Reaves, 25, said his goal was always to return to the team that brought him in as an undrafted free agent two years ago, and for whom he has become a critical player.

“The whole time it was, ‘Get back to L.A.,'” Reaves said. “That’s where I want to be. It feels like home to me. I’ve said that multiple times before the free agency stuff, but it was different. I had a stressful probably 10 hours, but after that, when it was done, couldn’t be more excited with the situation, with the team that we got, going back to L.A.” Part of the stress, he said, was figuring out the kind of deal he would be getting. The Lakers could only offer him a four-year, $54 million contract due to Reaves being an early Bird restricted free agent, meaning one with only two years of service. Another team with cap space could have given him more money on a four-year deal, but ultimately none of them decided to sign Reaves to an offer sheet the Lakers would’ve been expected to match, setting up a return to Los Angeles — the outcome Reaves was always hoping for.

“We played out every scenario,” Reaves said “My agents, we talked probably literally like 10, 11 hours straight that night about what we wanted in the contract, years, whatever. “But like I said, I wouldn’t want to be anywhere else.”


Kerr: Las Vegas, Seattle are ‘smart’ options for expansion

The topic of franchise expansion has been a hot one in NBA circles over the past few years — and NBA commissioner Adam Silver only added fuel to that fire last month when he again indicated that expansion is on the horizon, and that Las Vegas and Seattle are prime targets.

Thursday, when asked about the possibility of Las Vegas being home to an NBA team, Team USA coach Steve Kerr enthusiastically supported the idea, adding he felt similarly about the league returning to Seattle.

“It feels right,” Kerr said. “Obviously it’s not my department, but Vegas and Seattle seem to be such smart franchises.

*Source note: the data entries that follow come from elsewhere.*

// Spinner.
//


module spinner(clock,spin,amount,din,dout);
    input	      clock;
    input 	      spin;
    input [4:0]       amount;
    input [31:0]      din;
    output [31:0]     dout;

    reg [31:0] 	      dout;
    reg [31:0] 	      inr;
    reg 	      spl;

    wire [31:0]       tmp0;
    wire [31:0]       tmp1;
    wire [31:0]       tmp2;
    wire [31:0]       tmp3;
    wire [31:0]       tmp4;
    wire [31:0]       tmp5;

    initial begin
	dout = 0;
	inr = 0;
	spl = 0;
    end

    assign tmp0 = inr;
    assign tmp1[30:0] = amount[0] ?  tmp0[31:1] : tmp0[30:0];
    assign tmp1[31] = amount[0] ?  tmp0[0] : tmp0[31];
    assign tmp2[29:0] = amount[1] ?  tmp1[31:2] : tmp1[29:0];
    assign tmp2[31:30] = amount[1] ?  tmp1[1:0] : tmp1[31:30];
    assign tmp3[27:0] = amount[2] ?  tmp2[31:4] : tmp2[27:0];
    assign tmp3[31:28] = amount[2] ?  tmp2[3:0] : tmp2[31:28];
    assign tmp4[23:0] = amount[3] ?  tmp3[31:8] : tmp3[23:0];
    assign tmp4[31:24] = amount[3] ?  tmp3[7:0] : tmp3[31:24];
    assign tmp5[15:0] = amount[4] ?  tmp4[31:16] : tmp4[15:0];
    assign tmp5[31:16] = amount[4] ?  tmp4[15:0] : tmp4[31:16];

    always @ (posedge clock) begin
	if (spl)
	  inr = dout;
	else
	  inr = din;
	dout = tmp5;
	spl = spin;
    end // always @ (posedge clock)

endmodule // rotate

It’s a shame that we ever lost the Sonics in the first place. But as you look forward and you think of what we need, we need a couple of Western time slots. Think about all the doubleheaders on TV you have where the second game is starting at 8:40 central time. We lost a couple of West Coast time slots back when Seattle and Vancouver left the league. It hurt the TV schedule, which hurt the whole league schedule.

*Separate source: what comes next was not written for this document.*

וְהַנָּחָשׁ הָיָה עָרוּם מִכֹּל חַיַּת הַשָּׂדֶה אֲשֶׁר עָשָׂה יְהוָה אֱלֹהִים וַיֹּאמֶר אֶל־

“You factor in Vegas for the time slot. But also just how great of a venue this is for summer league, USA basketball, the fans here have proven they’ll come out, they love the Aces. The Knights just won the Stanley Cup, the Raiders are filling it up every Sunday. So this seems like a really good next team.”

Kerr’s answer led to a funny exchange with a reporter who brought up to the coach that the Final Four would be held in Las Vegas this upcoming season.

When Kerr said he didn’t realize the NCAA tournament Final Four would be in Las Vegas, it was quickly clarified by the reporter that the final four in question was actually the NBA’s first in-season tournament, with the semifinals and championship game set for Dec. 7 and 9.

With a sheepish smile and ensuing laughter from the assembled media, Kerr said, “I forgot about that.”